Because back in civ 3, ppl can cheat their scores to very high by joining tons of workers into a city. Back then, more specialist = more points.

This restriction is also for realism. Would new settlers join city that is already overpopulated (well maybe immigrants or migrant workers), and starving city will probably not be appealing.
 
Because back in civ 3, ppl can cheat their scores to very high by joining tons of workers into a city. Back then, more specialist = more points.

Define "cheat". More specialists have a lot more uses than just for points, and it's not creating people out of nothing, those workers have to come from somewhere and be made at some point.

This restriction is also for realism.

Realism alone is not an argument, not unless it also benefits gameplay to apply it.
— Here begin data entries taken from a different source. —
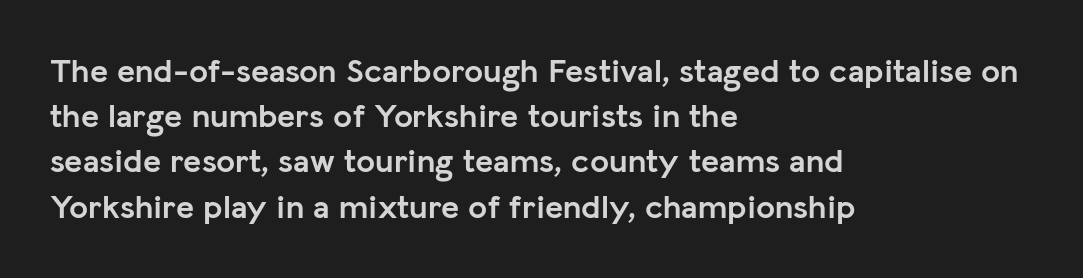
Q: Is the text bold? A: Yes.
Q: Is the text italic (slanted)? A: No, it is upright.
Q: Is the typeface a serif or a sans-serif typeface? A: Sans-serif.
Q: Is the text underlined? A: No.
Q: How is the paragraph aligned? A: Left-aligned.
Q: Is the spacing between letters normal or unusually wide? A: Normal.
Q: Is the spacing between lines tight, normal or loose? A: Normal.
Q: Width (condensed, normal, or wide)? A: Normal.
Q: Stroke contrast? A: Low.
Q: x-height? A: Medium.
Q: Monospaced? A: No.
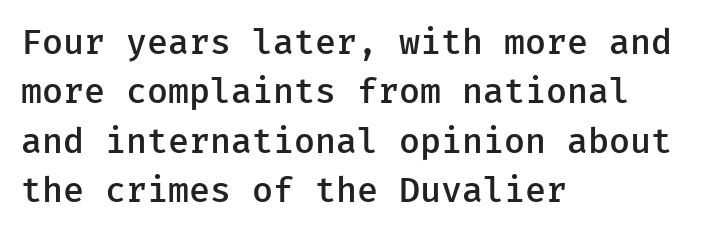
Q: Is the text bold? A: Semi-bold.
Q: Is the text italic (slanted)? A: No, it is upright.
Q: Is the typeface a serif or a sans-serif typeface? A: Sans-serif.
Q: Is the text underlined? A: No.
Q: How is the paragraph aligned? A: Left-aligned.
Q: Is the spacing between letters normal or unusually wide? A: Normal.
Q: Is the spacing between lines tight, normal or loose? A: Normal.
Q: Width (condensed, normal, or wide)? A: Normal.
Q: Stroke contrast? A: Low.
Q: x-height? A: Medium.
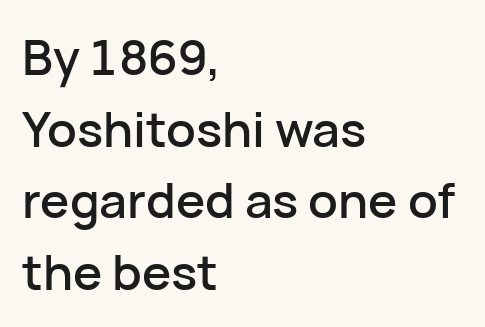
Q: Is the text italic (slanted)? A: No, it is upright.
Q: Is the typeface a serif or a sans-serif typeface? A: Sans-serif.
Q: Is the text underlined? A: No.
Q: How is the paragraph aligned? A: Left-aligned.
Q: Is the spacing between letters normal or unusually wide? A: Normal.
Q: Is the spacing between lines tight, normal or loose? A: Normal.
Q: Width (condensed, normal, or wide)? A: Normal.
Q: Stroke contrast? A: Low.
Q: x-height? A: Medium.
Q: Monospaced? A: No.
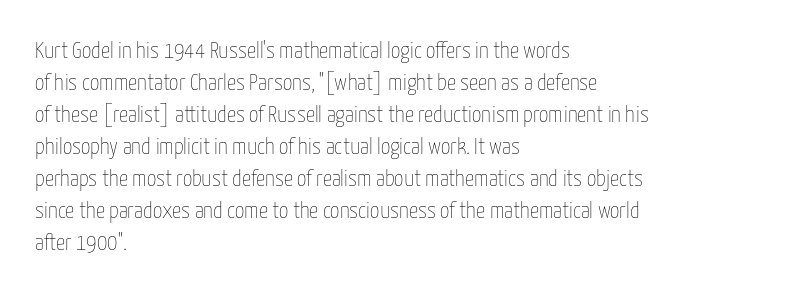
Caption: standard tracking, unaltered. Does the leading feel generous? No, just average. The lines are quadded left. Check the space under the baseline: it is left empty.
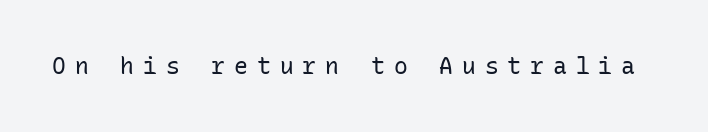
The image shows 23 px text type, upright; set unusually wide letter spacing (+0.39 em), not underlined.
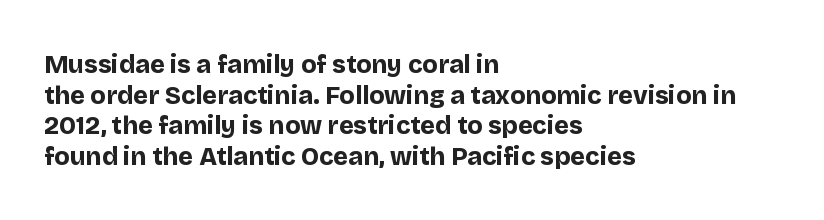
Q: Is the text bold? A: Yes.
Q: Is the text italic (slanted)? A: No, it is upright.
Q: Is the text underlined? A: No.
Q: How is the paragraph aligned? A: Left-aligned.
Q: Is the spacing between letters normal or unusually wide? A: Normal.
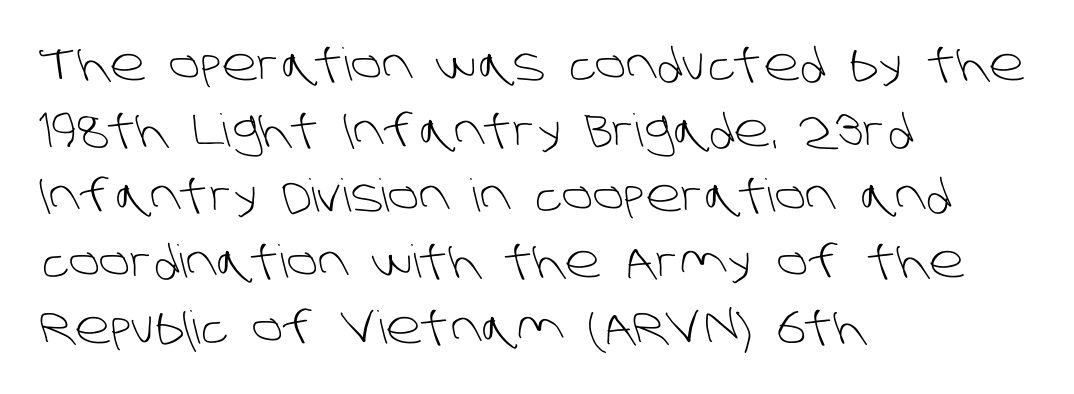
{"serif": "no", "bold": "no", "weight": "light", "width": "normal", "stroke_contrast": "low", "x_height": "large", "monospaced": "no", "underline": "no", "align": "left", "line_spacing": "normal", "line_spacing_ratio": 1.46, "letter_spacing": "normal", "letter_spacing_em": 0.0, "glyph_px": 45}
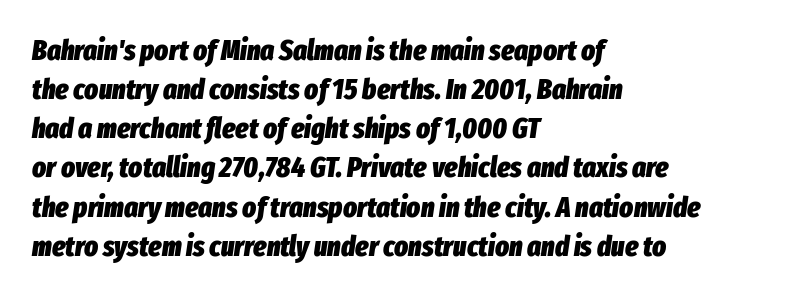
{"italic": "yes", "lean": "right", "slant_degrees": 8, "bold": "yes", "weight": "heavy", "width": "condensed", "stroke_contrast": "low", "x_height": "medium", "monospaced": "no", "underline": "no", "align": "left", "line_spacing": "normal", "line_spacing_ratio": 1.35, "letter_spacing": "normal", "letter_spacing_em": 0.0, "glyph_px": 29}

I am generally opposed to anything that restricts player freedom and flexibility any more in the name of realism.
 
Well the ideal situation would be that EVERY tile already has a population, and "founding a city" is just sending a sherriff to get control of the local population.

I suppose that within your own (cultural) borders, founding a new 1 pop "city" should require much less effort than sending a settler.

The whole civ concept of being able to de-populate any tile (even if it's towns) and move the populace around within a cross of 20 tiles, is already a far stretch.
So for example, taking 1 pop out of the fat cross and make them settle somewhere within your empire, isn't so crazy by comparison.
Maybe throw throw in a few hammers and coin or require that the tile be roaded first.

I can see how settling outside the borders should require a bit more preparation though (settler unit).

What I would do is allow you to build an "outpost" in a tile, and depending on the environment it might turn into a city.
I wouldn't want the player control be taken away and buried in some game mechanic.
You could already regard 1 pop cities as being little more than outposts influencing 8 surrounding tiles.
 
Define "cheat". More specialists have a lot more uses than just for points, and it's not creating people out of nothing, those workers have to come from somewhere and be made at some point.

Well, ppl back in civ 3 can have cities w/ tons of farms and each turn they can amass like 20 workers w/o losing population pts. They then dump it into one city and that city can accumulate a very huge pop. Since starvation only removes one pop point each turn, that city can get giant and all specialists in that city will contribute to a huge pop score to the game. I think the civ 3 HOF defines this as cheating as well.
 
Well, ppl back in civ 3 can have cities w/ tons of farms and each turn they can amass like 20 workers w/o losing population pts.

Every worker you make in Civ 3 costs a population point from the city you make it, no matter how much food it has, unless I've missed something basic. This sounds like a garbled version of the Civ 2 food caravan hack rather than anything I recognise from Civ 3.

They then dump it into one city and that city can accumulate a very huge pop. Since starvation only removes one pop point each turn, that city can get giant and all specialists in that city will contribute to a huge pop score to the game. I think the civ 3 HOF defines this as cheating as well.

It sounds to me like the kind of milking you're only going to get to do when you've pretty much won the game anyway; I have no problem with mechanisms that can be used to pump your score while waiting through the last few turns before your spaceship lands or your culture hits the victory threshold or whatever, if in the usual run of the game when it's not yet totally won nobody's really going to be free to do that.
 
How about being allowed to just decide how much of a city you want to get out. Say that you have a city with a pop of 7, you can choose up to 3 to move out. Than when they settle down, the city starts with a pop of three (plus maybe three random buildings already built in the city the settler was created.)